The Government’s funding increases for adult social care are ‘no-where near adequate’ and will not benefit the areas most in need, economists say.
The communities secretary Sajid Javid announced today councils will be allowed to increase council tax by 6% over the next two years in order to fund social care services.
However, new analysis conducted by economists at the International Longevity Centre - UK (ILC-UK) has found raising the social care precept would only bring in more money per older person for authorities where the older population accounts for a smaller overall proportion.
For example, a 3% precept in Tower Hamlets raises £160 for every person over the age of 65, whereas in West Somerset it only brings in £53 per older person.

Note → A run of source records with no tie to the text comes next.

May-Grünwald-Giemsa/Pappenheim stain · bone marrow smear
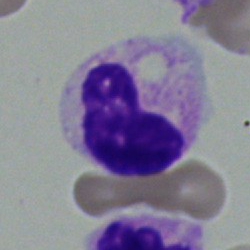
The cell shown is a band-form neutrophil.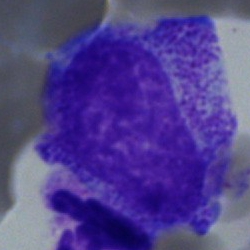Morphology — progranulocyte.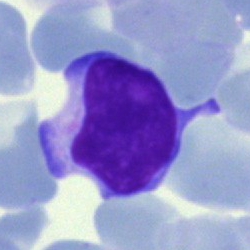
Single cell identified as a typical lymphocyte.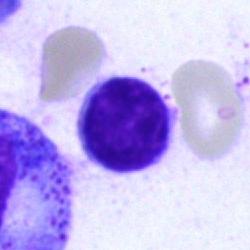Q: What type of cell is this?
A: This is a typical lymphocyte.
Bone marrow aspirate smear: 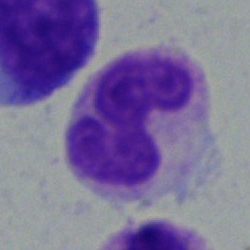 Showing a stab cell.
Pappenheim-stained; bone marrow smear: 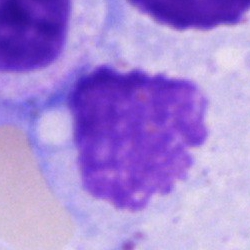

Morphology — artefact.
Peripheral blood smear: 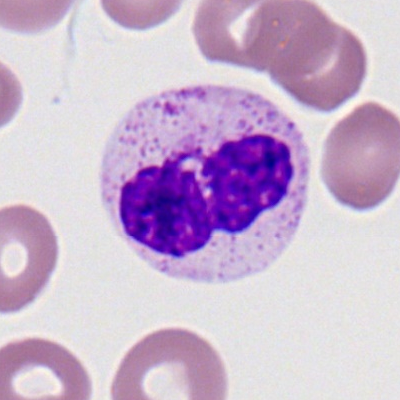

The cell is polymorphonuclear neutrophil.
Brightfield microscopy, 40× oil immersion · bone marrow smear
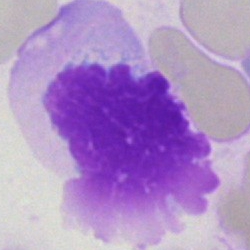
Single cell identified as an artifact.
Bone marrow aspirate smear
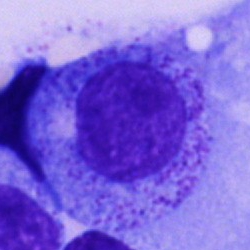Impression → progranulocyte.
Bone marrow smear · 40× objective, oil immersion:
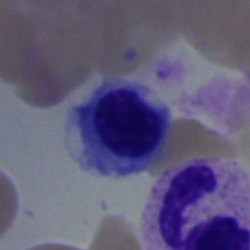 Cell = segmented neutrophil.
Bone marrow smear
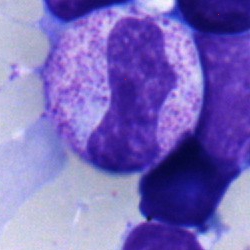 Stab cell.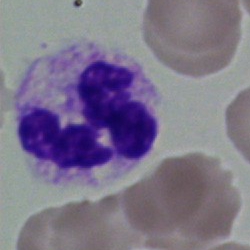Classification = neutrophil (segmented).
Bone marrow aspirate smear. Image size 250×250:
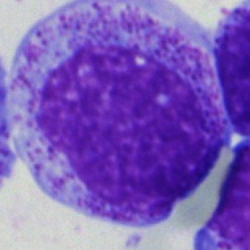

Morphology — progranulocyte.
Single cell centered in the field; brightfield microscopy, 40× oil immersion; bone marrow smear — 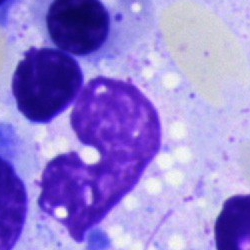 Specimen: bone marrow aspirate smear.
Classification: nucleated red cell.
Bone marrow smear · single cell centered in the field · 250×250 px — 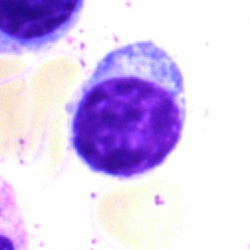
The cell is lymphocyte.
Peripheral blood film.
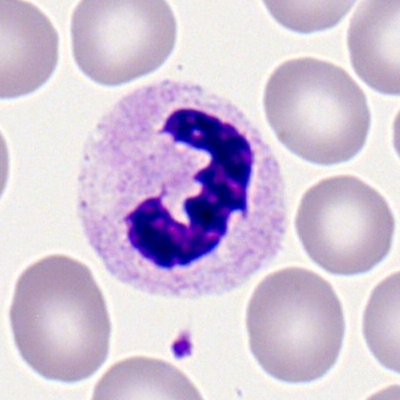Specimen: peripheral blood film.
Classification: polymorphonuclear neutrophil.
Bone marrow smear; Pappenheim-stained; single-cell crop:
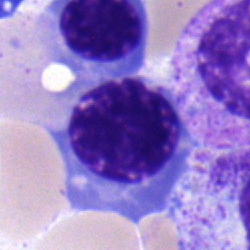
Q: Which cell type is shown here?
A: This is a nucleated red blood cell.
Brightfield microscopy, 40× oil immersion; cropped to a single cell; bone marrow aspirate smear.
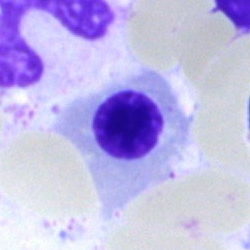
Specimen: bone marrow smear.
Morphological class: nucleated red cell.
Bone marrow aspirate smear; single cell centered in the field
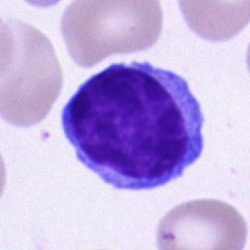 Morphological class: typical lymphocyte.
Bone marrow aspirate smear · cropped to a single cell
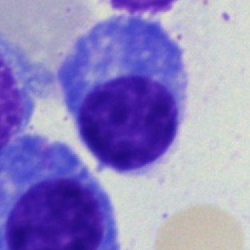
Plasma cell.
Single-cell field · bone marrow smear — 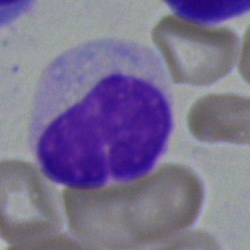
Showing a metamyelocyte.
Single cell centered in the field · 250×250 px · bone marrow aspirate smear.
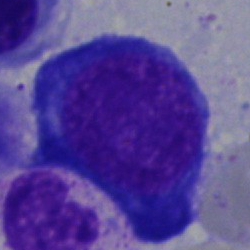The cell type is erythroblast.

This is despite the fact the latter has the highest proportion of older people in the country and only 6% of the former’s population is over 65.
Ben Franklin, head of economics at ILC-UK said the Government’s announcement was about ‘spin not substance’.
‘Simply raising the precept will be no-where near adequate to meeting the care needs of the UK’s ageing population and will exacerbate the extreme post-code lottery that already exists for people trying to access care services,’ he explained.
‘The sector faces significant short and long term pressures including meeting the new living wage and supporting an increasing number of older people with complex care needs.
‘Yet, the level of funding does not reflect this. We urgently need a new settlement. The cracks cannot be papered over any longer.’